[Data provided]
----

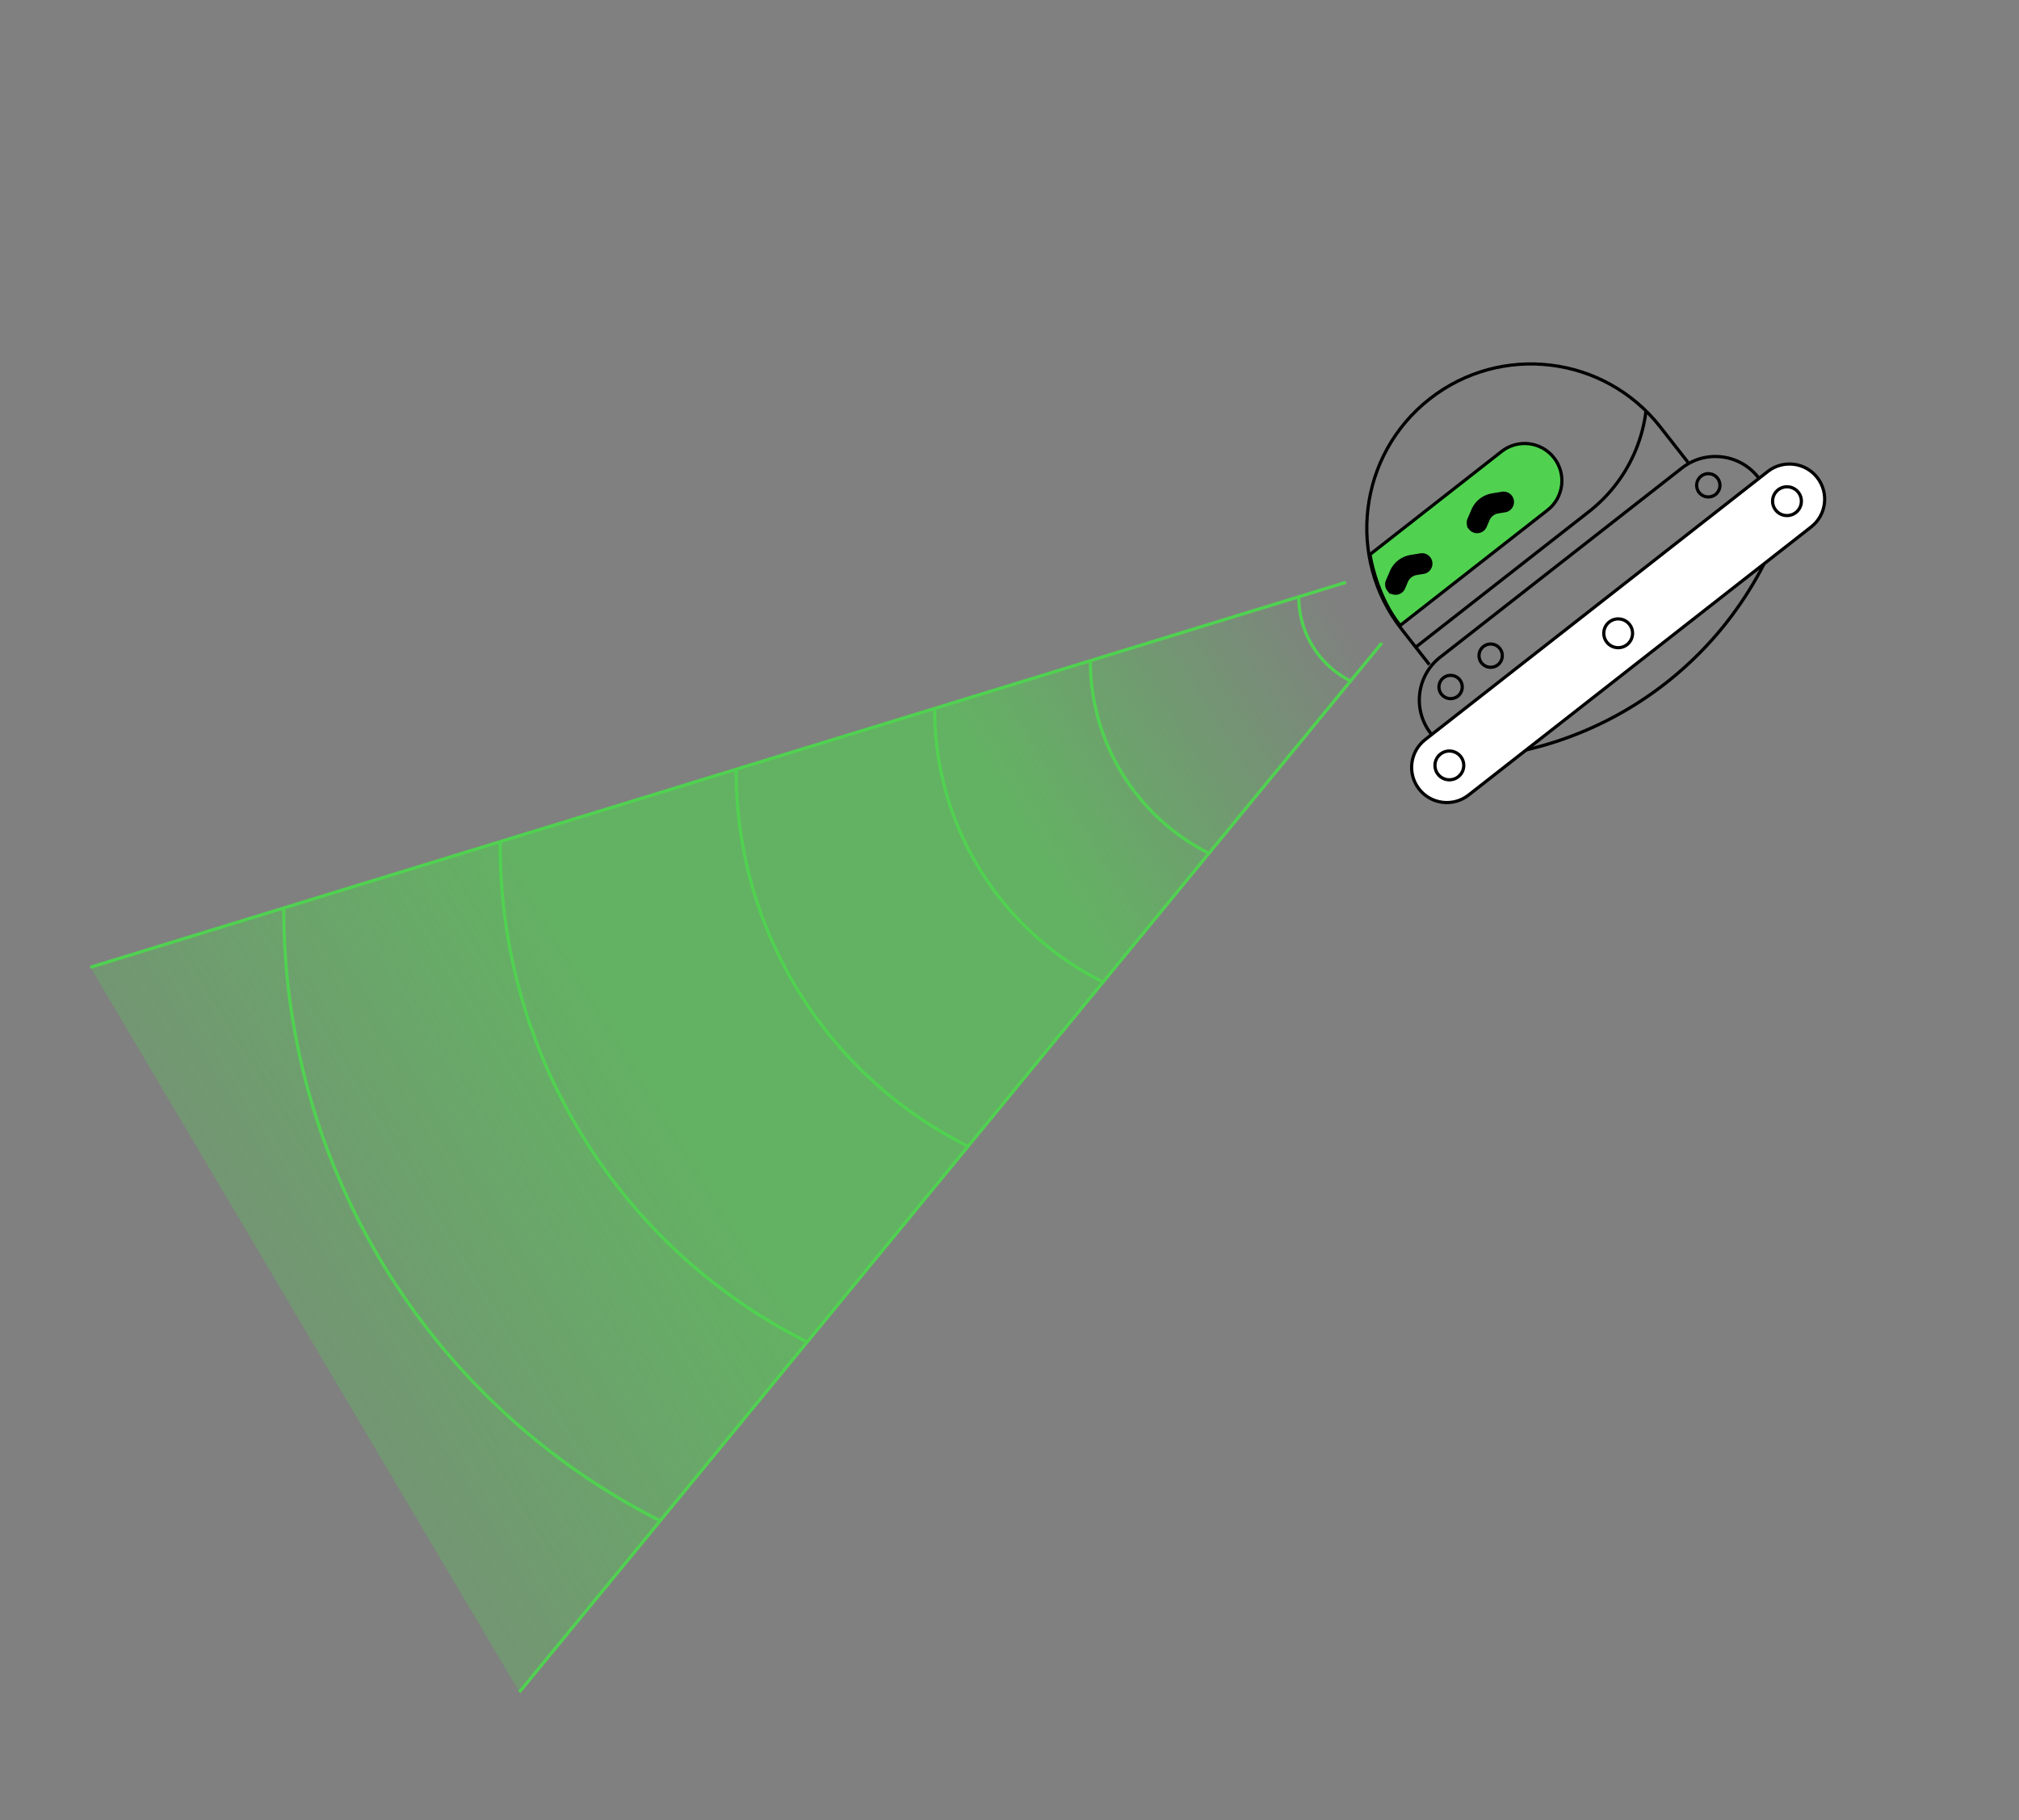 <svg xmlns="http://www.w3.org/2000/svg" fill="none" viewBox="0 0 631 569">
  <rect x="0" y="0" width="631" height="569" fill="#808080" stroke="none"/>
  <path stroke="#50D250" d="M431.866 200.982 162.311 528.936m258.337-346.91-30.742 9.427L28.231 302.364"/>
  <path fill="url(#a)" fill-opacity=".6" d="m162.311 528.936 269.555-327.954-11.218-18.956-30.742 9.427L28.231 302.364l134.08 226.572Z"/>
  <path stroke="#50D250" d="M405.923 186.595a29.288 29.288 0 0 0 15.756 26.063l.401.209M340.781 206.376a67.232 67.232 0 0 0 36.227 59.925l.924.48M292.121 221.521c-.153 35.617 19.623 68.33 51.232 84.746l1.308.679M230.079 240.685c-.159 49.017 27.05 94.024 70.526 116.662l1.794.934M156.315 263.374c-.251 65.117 35.901 124.917 93.676 154.956l2.388 1.241M88.686 283.895c-.09 79.812 44.188 153.06 114.898 190.073l2.908 1.522"/>
  <path stroke="#000" d="M551.756 175.396a111.927 111.927 0 0 1-75.297 59.133M549.673 149.439l-.171-.218c-5.787-7.393-16.471-8.695-23.865-2.908l-75.532 59.123c-7.393 5.788-8.695 16.472-2.908 23.866l.171.217"/>
  <circle cx="4.146" cy="4.146" r="3.646" stroke="#000" transform="scale(-1 1) rotate(38.053 -529.96 -553.904)"/>
  <circle cx="4.146" cy="4.146" r="3.646" stroke="#000" transform="scale(-1 1) rotate(38.053 -522.013 -576.952)"/>
  <circle cx="4.146" cy="4.146" r="3.646" stroke="#000" transform="scale(-1 1) rotate(38.053 -478.82 -702.203)"/>
  <path stroke="#000" d="m446.718 207.75-8.647-11.047c-17.468-22.315-13.538-54.564 8.777-72.032 22.315-17.467 54.564-13.537 72.032 8.778l8.647 11.047"/>
  <path stroke="#000" d="m442.736 202.086 53.922-42.208a47.243 47.243 0 0 0 17.776-31.485"/>
  <path fill="#50D250" stroke="#000" d="m428.225 173.602-.047-.292.232-.182 40.906-32.02c5.065-3.964 12.385-3.072 16.349 1.993 3.965 5.065 3.073 12.384-1.992 16.349l-45.676 35.754-.394.308-.308-.394c-5.9-7.536-8.427-17.541-9.07-21.516Z"/>
  <path fill="#000" d="M433.983 184.373a2.755 2.755 0 0 1-.366-2.783l1.222-2.864a8.015 8.015 0 0 1 6.07-4.763l3.072-.506a2.755 2.755 0 0 1 2.616 1.017c1.293 1.649.347 4.08-1.72 4.421l-2.216.365a4.087 4.087 0 0 0-3.094 2.427l-.881 2.066c-.822 1.927-3.409 2.268-4.703.62Z"/>
  <path stroke="#000" d="M433.983 184.373a2.755 2.755 0 0 1-.366-2.783l1.222-2.864a8.015 8.015 0 0 1 6.07-4.763l3.072-.506a2.755 2.755 0 0 1 2.616 1.017c1.293 1.649.347 4.08-1.72 4.421l-2.216.365a4.087 4.087 0 0 0-3.094 2.427l-.881 2.066c-.822 1.927-3.409 2.268-4.703.62Z"/>
  <path fill="#000" d="M459.477 165.12a2.755 2.755 0 0 1-.366-2.783l1.222-2.864a8.015 8.015 0 0 1 6.07-4.763l3.072-.506a2.755 2.755 0 0 1 2.616 1.018c1.294 1.648.347 4.08-1.72 4.42l-2.216.365a4.085 4.085 0 0 0-3.093 2.428l-.882 2.065c-.822 1.927-3.409 2.268-4.703.62Z"/>
  <path stroke="#000" d="M459.477 165.12a2.755 2.755 0 0 1-.366-2.783l1.222-2.864a8.015 8.015 0 0 1 6.07-4.763l3.072-.506a2.755 2.755 0 0 1 2.616 1.018c1.294 1.648.347 4.08-1.72 4.42l-2.216.365a4.085 4.085 0 0 0-3.093 2.428l-.882 2.065c-.822 1.927-3.409 2.268-4.703.62Z"/>
  <path fill="#fff" stroke="#000" d="m445.396 231.212 107.092-83.828c4.784-3.745 11.698-2.902 15.443 1.881 3.744 4.784 2.902 11.698-1.882 15.443l-107.093 83.828c-4.784 3.744-11.697 2.902-15.442-1.882-3.744-4.784-2.902-11.697 1.882-15.442Z"/>
  <circle cx="5" cy="5" r="4.5" stroke="#000" transform="scale(-1 1) rotate(38.053 -496.643 -736.186)"/>
  <circle cx="5" cy="5" r="4.5" stroke="#000" transform="scale(-1 1) rotate(38.053 -563.642 -541.894)"/>
  <circle cx="5" cy="5" r="4.5" stroke="#000" transform="scale(-1 1) rotate(38.053 -530.143 -639.04)"/>
  <defs>
    <linearGradient id="a" x1="420.555" x2="-7.393" y1="191.343" y2="452.563" gradientUnits="userSpaceOnUse">
      <stop stop-color="#50D250" stop-opacity="0"/>
      <stop offset=".24" stop-color="#50D250"/>
      <stop offset=".521" stop-color="#50D250"/>
      <stop offset="1" stop-color="#50D250" stop-opacity="0"/>
    </linearGradient>
  </defs>
</svg>

----

[What the task requires] Transcribe, word for word, only the material from its opening line through the line containing "186.595a29.288 29.288 0", both ends included, and omit the pictures.

[Written solution]
 <svg xmlns="http://www.w3.org/2000/svg" fill="none" viewBox="0 0 631 569">
  <rect x="0" y="0" width="631" height="569" fill="#808080" stroke="none"/>
  <path stroke="#50D250" d="M431.866 200.982 162.311 528.936m258.337-346.91-30.742 9.427L28.231 302.364"/>
  <path fill="url(#a)" fill-opacity=".6" d="m162.311 528.936 269.555-327.954-11.218-18.956-30.742 9.427L28.231 302.364l134.08 226.572Z"/>
  <path stroke="#50D250" d="M405.923 186.595a29.288 29.288 0 0 0 15.756 26.063l.401.209M340.781 206.376a67.232 67.232 0 0 0 36.227 59.925l.924.48M292.121 221.521c-.153 35.617 19.623 68.33 51.232 84.746l1.308.679M230.079 240.685c-.159 49.017 27.05 94.024 70.526 116.662l1.794.934M156.315 263.374c-.251 65.117 35.901 124.917 93.676 154.956l2.388 1.241M88.686 283.895c-.09 79.812 44.188 153.06 114.898 190.073l2.908 1.522"/>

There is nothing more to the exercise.